Mab smiled. "My family has always had certain… ideas about how things in Ashland should be run. And your family has always opposed us, being the goody-goodies that they inherently are. Ice elementals. Always so weak. But I was strong enough to make my family’s ideas, our plans, a reality. I was strong enough to take my rightful place as the head of the Ashland underworld. But doing all that involved things that your weak, spineless mother didn’t approve of, and she felt it was her duty to try to stop me, just as her mother thwarted mine for years before."

"Things like what? Murder? Extortion? Kidnappings? I wonder why Eira had such a problem with all that," I drawled in a mocking tone.

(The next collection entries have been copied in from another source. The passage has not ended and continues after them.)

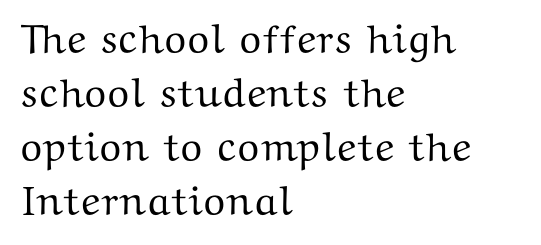
The space between consecutive lines is moderate. In terms of posture, this sample is upright. The face used here is seriffed, in the tradition of book romans. Each row of text sits above clean, open space. Do the characters align in a grid? No, the font is proportional.
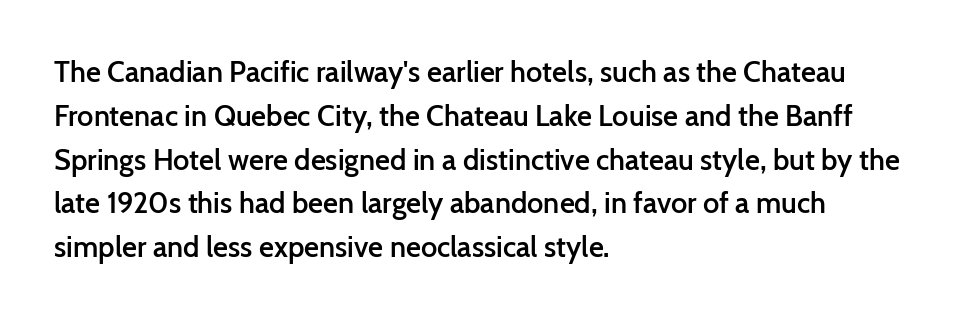
Q: Is the text bold? A: Semi-bold.
Q: Is the text italic (slanted)? A: No, it is upright.
Q: Is the typeface a serif or a sans-serif typeface? A: Sans-serif.
Q: Is the text underlined? A: No.
Q: How is the paragraph aligned? A: Left-aligned.
Q: Is the spacing between letters normal or unusually wide? A: Normal.
Q: Is the spacing between lines tight, normal or loose? A: Normal.
Q: Width (condensed, normal, or wide)? A: Normal.
Q: Stroke contrast? A: Low.
Q: x-height? A: Medium.
Q: Monospaced? A: No.
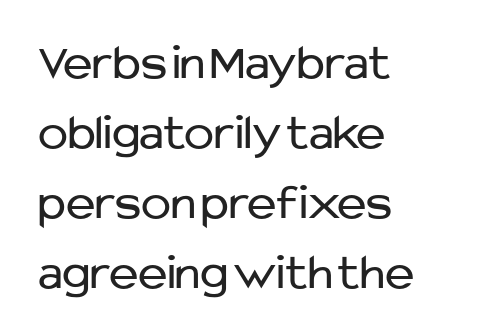
Serifs: no, the terminals of the letterforms are clean. Check the space under the baseline: it is left empty. Unbolded letterforms with no extra heft. Students, observe: this is what conventionally led text looks like. These lines are rendered in a variable-pitch font. A typesetter would call this zero additional tracking.
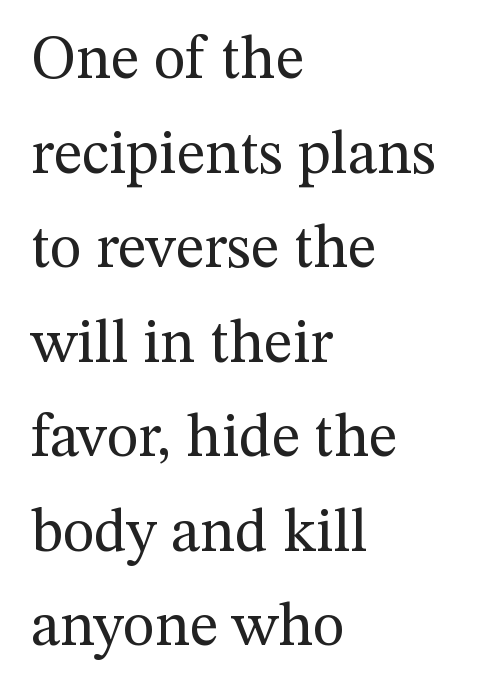
The image shows 61 px regular-weight serif type, upright; set left-aligned, normal line spacing (1.55x), normal letter spacing, not underlined; medium stroke contrast and a medium x-height.
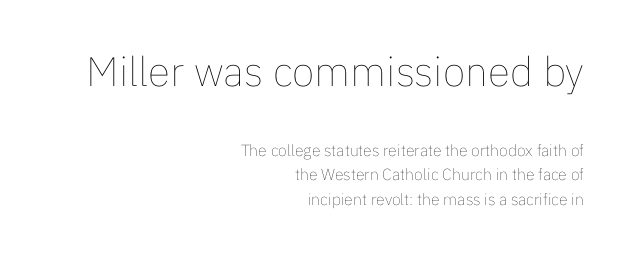
The image shows 41 px thin type, upright; set right-aligned, normal line spacing (1.52x), normal letter spacing, not underlined; the first (top) block is 2.56x larger; low stroke contrast and a medium x-height.
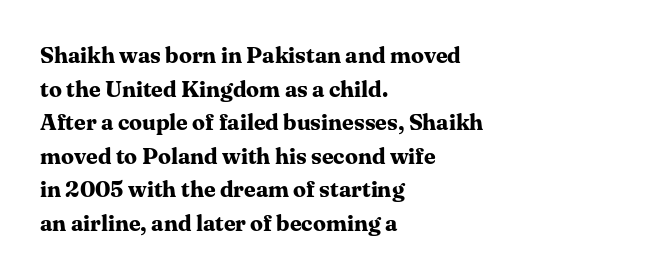
{"italic": "no", "bold": "yes", "underline": "no", "align": "left", "line_spacing": "normal", "line_spacing_ratio": 1.46, "letter_spacing": "normal", "letter_spacing_em": 0.0, "glyph_px": 23}
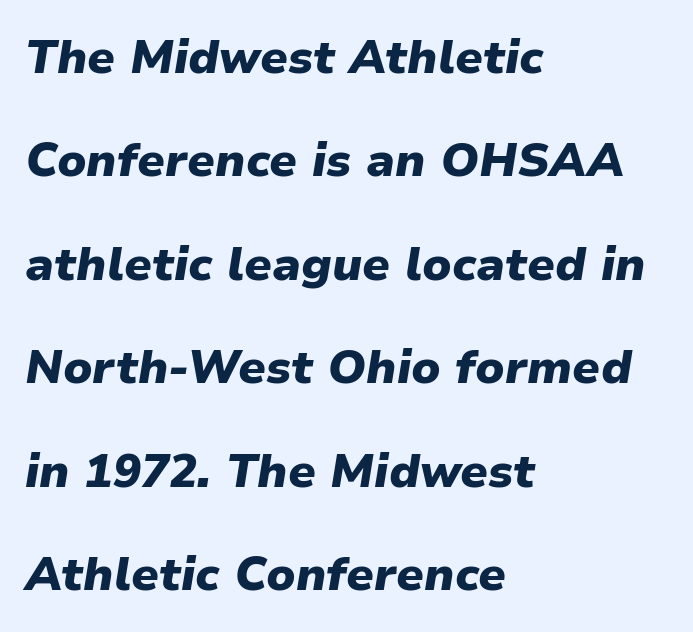
The typesetter chose a ragged-right arrangement here. Note the varied advance widths — an 'i' is clearly narrower than an 'm'. A typesetter would call this zero additional tracking. Characters are canted at an angle relative to the baseline's perpendicular. Heft: maximum for text — a bold. The passage shown is not underscored anywhere.
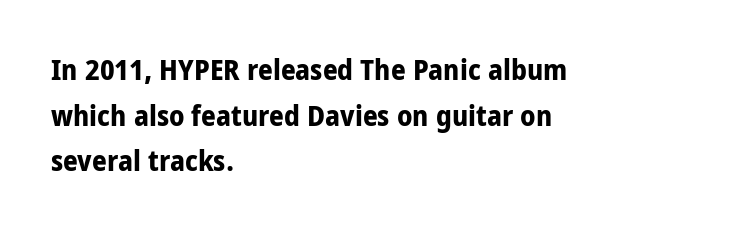
The image shows 29 px bold, condensed sans-serif type, upright; set left-aligned, normal line spacing (1.57x), normal letter spacing, not underlined; low stroke contrast and a large x-height.

Mab waved her hand. "Please. Eira cared as little about me as I did about her, until one of her friends racked up a gambling debt to me that he just couldn’t pay off. So I killed him, and then I killed his family, locking them in their own house and burning it to the ground."

I froze. Owen. She had to be talking about Owen’s family and how she’d killed them. Somehow, my mother had known Owen’s parents, and she’d started fighting Mab because of their deaths. Just when I thought that I knew everything there was to know about my past, something else reared up to surprise me once more.